- Painter, art dealer, and patron of the arts
- Born: 1901 New York City, New York, U.S.
- Died: 1983 (aged 81–82) Buffalo, New York, U.S.
- Education: Royal Academy of Fine Arts in Florence; Art Institute of Buffalo
- Known for: Painting, drawing, and art education
- Movement: Modern realism

= Tony Sisti =

American painter

Anthony J. Sisti (1901–1983) was an American artist, art instructor and patron of the arts. In his youth, Sisti was also a Bantam Weight boxer. As an artist, Sisti was best known for his oil paintings, drawings, and murals.

Sisti studied at the Royal Academy of Fine Arts in Florence, Italy. He then taught at the Art Institute of Buffalo before opening his own gallery in Buffalo, New York. Over the years, he painted portraits of many important political and business leaders. In 1981, the City of Buffalo named a park in his honor.

== Life ==

Sisti was born in Greenwich Village in 1901. He moved to Buffalo when he was ten. As a young man, Sisti began boxing at a local gym. A year later, he won the New York State’s 1918 Golden Gloves bantamweight championship.
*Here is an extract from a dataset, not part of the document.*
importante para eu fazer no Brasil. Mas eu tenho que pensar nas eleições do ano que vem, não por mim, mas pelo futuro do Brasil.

At that point, he became a professional boxer. Over the next twelve years, he boxed whenever he needed money. When he finally retired in 1930, he had fought 100 bouts, winning all but 15. However, his real passion was art.
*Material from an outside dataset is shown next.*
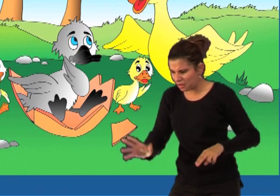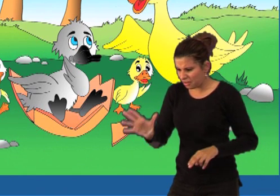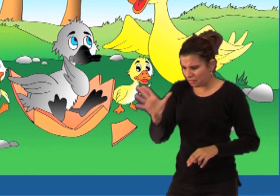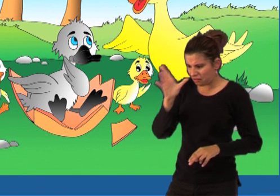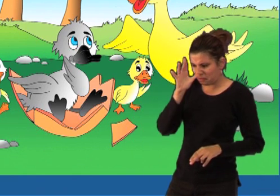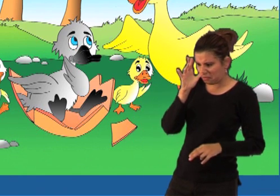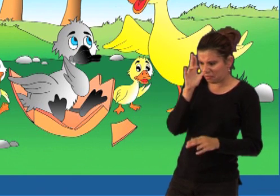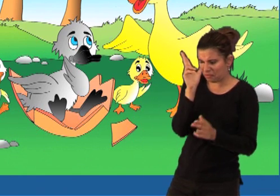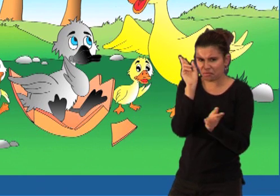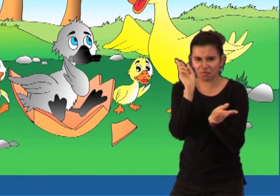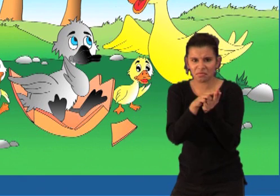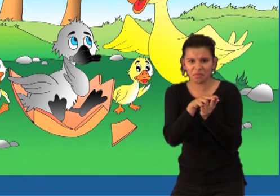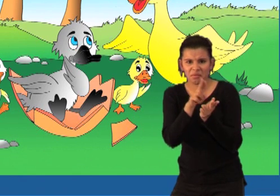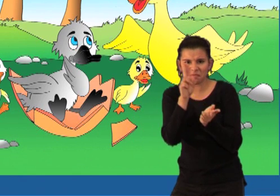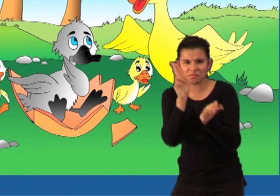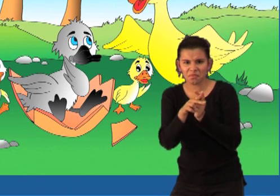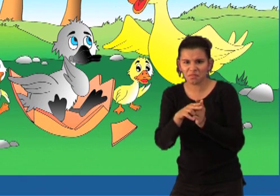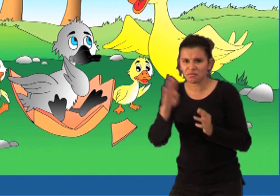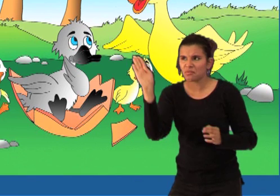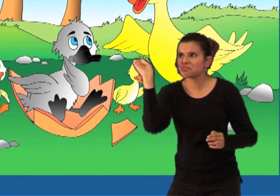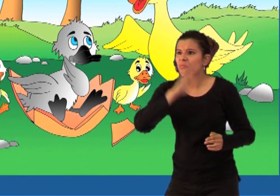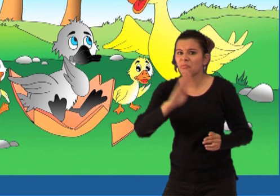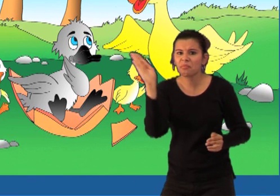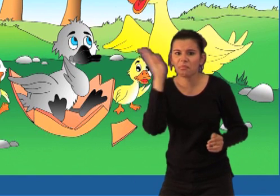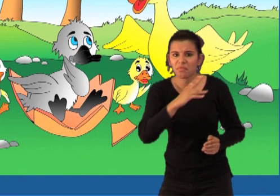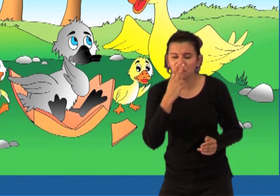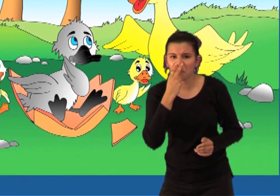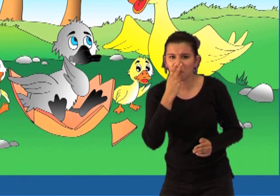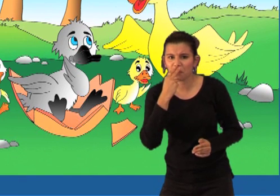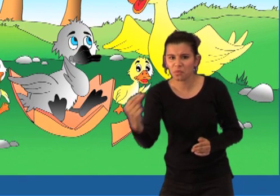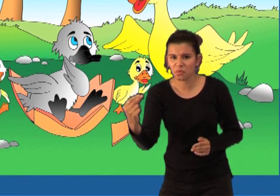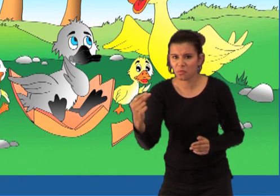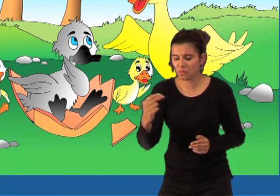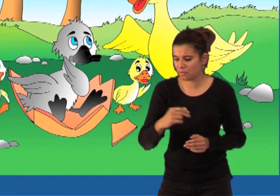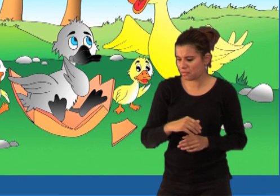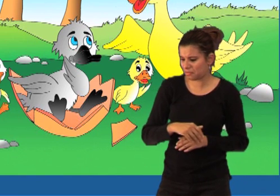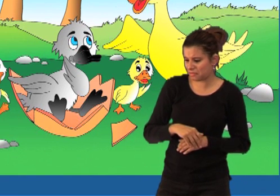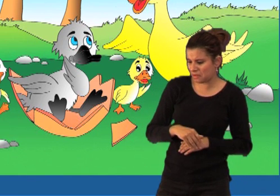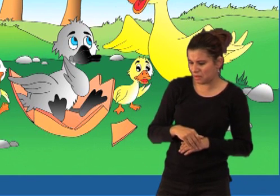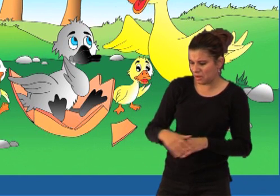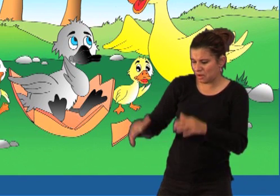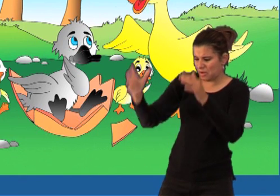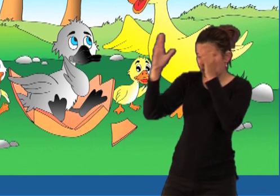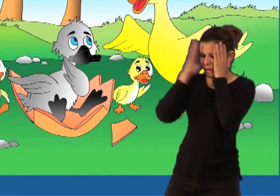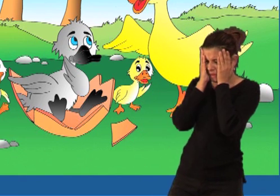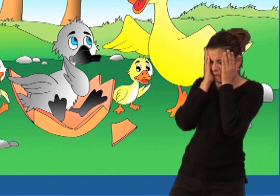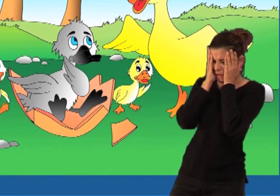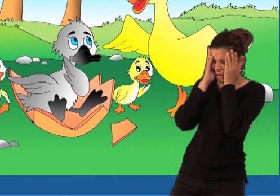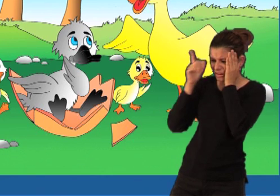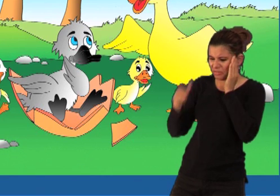Patka je iznenađeno promrmljala. Uh, što je ružan! Ali

From 1926 to 1931, Sisti studied visual arts at the Royal Academy of Fine Arts in Florence, eventually earning a doctor's degree in painting. During this period, he also traveled throughout Europe. He also accompanied Ernest Hemingway on a trip to the Congo. When he ran out of money, Sisti arranged a boxing match in Rome, winning enough money to finance his return to Buffalo. Later, he used the winnings from another fight to underwrite the cost of a personal art show in New York City.

Oil painting entitled Circus by Tony Sisti, 1934

Sisti joined the Art Institute of Buffalo as a member of the faculty in 1932. He taught painting and anatomy at the institute until 1938. During the mid-1930s, he also won several Works Projects Administration art commissions including a large oil painting called Circus and a mural at Buffalo’s City Hospital. Unfortunately, the mural no longer exists.

In 1938, he opened his own art studio on Franklin Street in the Allentown area of Buffalo. He continued to teach art as well, flying to Manhattan every week to teach drawing at the New York School of Applied Design for Women. Over the years, Sisti became an active member of the Allentown community. In 1958, he helped the Allentown neighborhood organize an outdoor art festival, serving as the event’s first chairman. Fifty years later, the Allentown Art Festival is still a popular annual event in Buffalo.

In 1979, Sisti made a major gift to the Burchfield-Penney Art Center, including 26 paintings and drawings by Charles E. Burchfield as well as 32 of his own works. In 1981, the City of Buffalo named a park in the Allentown area in his honor. Tony Sisti Park is located near the intersection of Franklin Street and North Street.

Sisti died in Buffalo on 15 December 1983. More than twenty-five years later, he is still remembered in Buffalo as a painter, art collector, and patron of the arts. In 2009, when the Burchfield-Penney Art Center opened its new museum on the campus of Buffalo State College, one of the main floor galleries was named after Sisti.

== Art work ==

Buffalo Mayor Steven Pankow, 1957

Tony Sisti was a painter, muralist, and drawing specialist. He was a classically trained artist, who studied at the Albright Art School in Buffalo and at Royal Academy of Fine Arts in Florence. He later became an art instructor at the Art Institute of Buffalo and then the New York School of Applied Design for Women in New York City. He was active as a professional painter from the mid-1920s until his death in 1983.

Sisti was known for his bold use of color and fluid action figures. He was an accomplished landscape painter, but he was especially noted for his paintings of boxing and other action scenes. His portrait of heavy weight contender Phil Muscato, titled The Boxer, won the Gold Medal at the 1953 Buffalo Society of Artists exhibition.

He was also well known as a formal portrait painter. President Franklin D. Roosevelt, New York Governor Alfred E. Smith, and Fiat Motor Company president Giovanni Agnelli were among the notable individuals who had portraits painted by Sisti. He also painter official portraits of at least one Buffalo mayor and a number of other Buffalo city officials.

Sisti’s works have been exhibited in major museums including the Museum of Modern Art in New York, the Pennsylvania Academy of the Fine Arts, and the Burchfield-Penney Art Center in Buffalo. The Burchfield-Penney Art Center also displays a number of Sisti’s paintings in its permanent collection.